|
|
 

PARA UM VOCABULÁRIO DE PESCA
No nosso número passado tivemos o prazer da
colaboração do doutor Cristiano Fraga, estudioso folclorista, com sua Nota Marginal
ao Vocabulário de Caça de C. Ribeiro de Lessa, que já folheáramos.
O doutor Christiano não podia deixar de se pronunciar a respeito, pois o conhecíamos
como caçador entusiasta e não menos eloqüente em relatar suas proezas de um bom
caçador.
Isso nos fez lembrar certos vocábulos de pesca que servirão como subsídio aos que
queiram organizar um trabalho semelhante ao de Ribeiro de Lessa, sobre a pesca.
Em nossa visita à Conceição da Barra a cidade mimosa, anotamos vários
vocábulos que ainda não tivemos oportunidade de ouvir em outra parte e aqui registramos.
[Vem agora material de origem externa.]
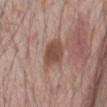illumination — white-light illumination | body site — the abdomen | automated metrics — a footprint of about 8.5 mm², a shape eccentricity near 0.75, and two-axis asymmetry of about 0.25; a classifier nevus-likeness of about 15/100 and lesion-presence confidence of about 100/100 | acquisition — ~15 mm tile from a whole-body skin photo | patient — male, roughly 70 years of age | diameter — about 4 mm.

GRUZEIRA uma corda esticada de uma vara a outra, com muitos
anzóis presos a linhas de mais ou menos meio metro, pendentes nessa corda e enfileirados
em distância regular. A gruzeira geralmente é colocada ao entardecer, e, na
manhã seguinte, quando se vai retirar o pescado, nota-se logo o movimento das varas
esfincadas no rio, produzido pelos peixes presos nos anzóis. Chama-se também CURUPICHEL
e ESPINHEL; a diferença explica-se pela menor quantidade de anzol. Pescam-se assim
traíras, judeus, jundiás, etc.
MINJOADA é uma linha com anzol amarrada numa vara e enfincada à
margem do rio.
MUZANSA é um instrumento de pesca construído de ripas e
amarradas com cipó, tomando a forma de um funil sem saída. Faz-se um cercado no córrego
ou no rio, com palhas de coqueiro, muito usado para isso a palma do indaiá, deixando uma
abertura onde se coloca a muzansa; não encontrando saída e não podendo se virar,
fica ali preso. Retira-se a muzansa para terra e bate-se-lhe para cair o peixe.
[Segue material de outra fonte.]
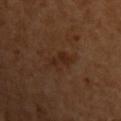Assessment:
Recorded during total-body skin imaging; not selected for excision or biopsy.

JEQUIÁ feito com cipó ou taquara, trançado, tem a forma de um
zepelim, com uma extremidade como que cortada antes da ponta; nesse corte é a abertura em
forma de funil, feita do mesmo material, de sorte que, entrando o peixe não poderá sair.
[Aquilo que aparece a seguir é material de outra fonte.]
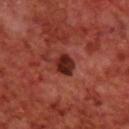No biopsy was performed on this lesion — it was imaged during a full skin examination and was not determined to be concerning. The lesion is located on the upper back. Imaged with cross-polarized lighting. An algorithmic analysis of the crop reported a lesion area of about 5.5 mm² and a symmetry-axis asymmetry near 0.2. It also reported a nevus-likeness score of about 30/100 and a detector confidence of about 100 out of 100 that the crop contains a lesion. The lesion's longest dimension is about 3 mm. A 15 mm close-up extracted from a 3D total-body photography capture. A male patient, approximately 70 years of age.

Ceva-se um pesqueiro, colocando-se raspas de mandioca, habituando os peixes naquele local.
Coloca-se, então, a isca (mandioca) dentro do jequiá e deixa-se ali ficar, segurado, por
uma corda ou cipó e facilitar sua retirada da água.
COVO é construído e usado da mesma maneira que o jequiá. A
diferença, porém, está em que este tem abertura dos dois lados e com o mesmo afunilado
nas aberturas para evitar a saída do peixe.
PINDAIBA é a vara de pescar, que aqui em Vitória se conhece pelo
nome de caniço.
MOTOMBAR é o processo de se pescar fazendo um movimento com a
vara, abaixando e suspendendo a linha verticalmente para que o peixe veja a isca.
Geralmente em água coberta de vegetação, e esse movimento serve para despertar a
atenção dos peixes.
ZANGARIAR coloca-se uma rede esticada acima de uma das bordas da
canoa e bate-se na vegetação da margem do rio, para que o peixe, pulando sobre a canoa,
vá de encontro à rede e caia dentro da mesma.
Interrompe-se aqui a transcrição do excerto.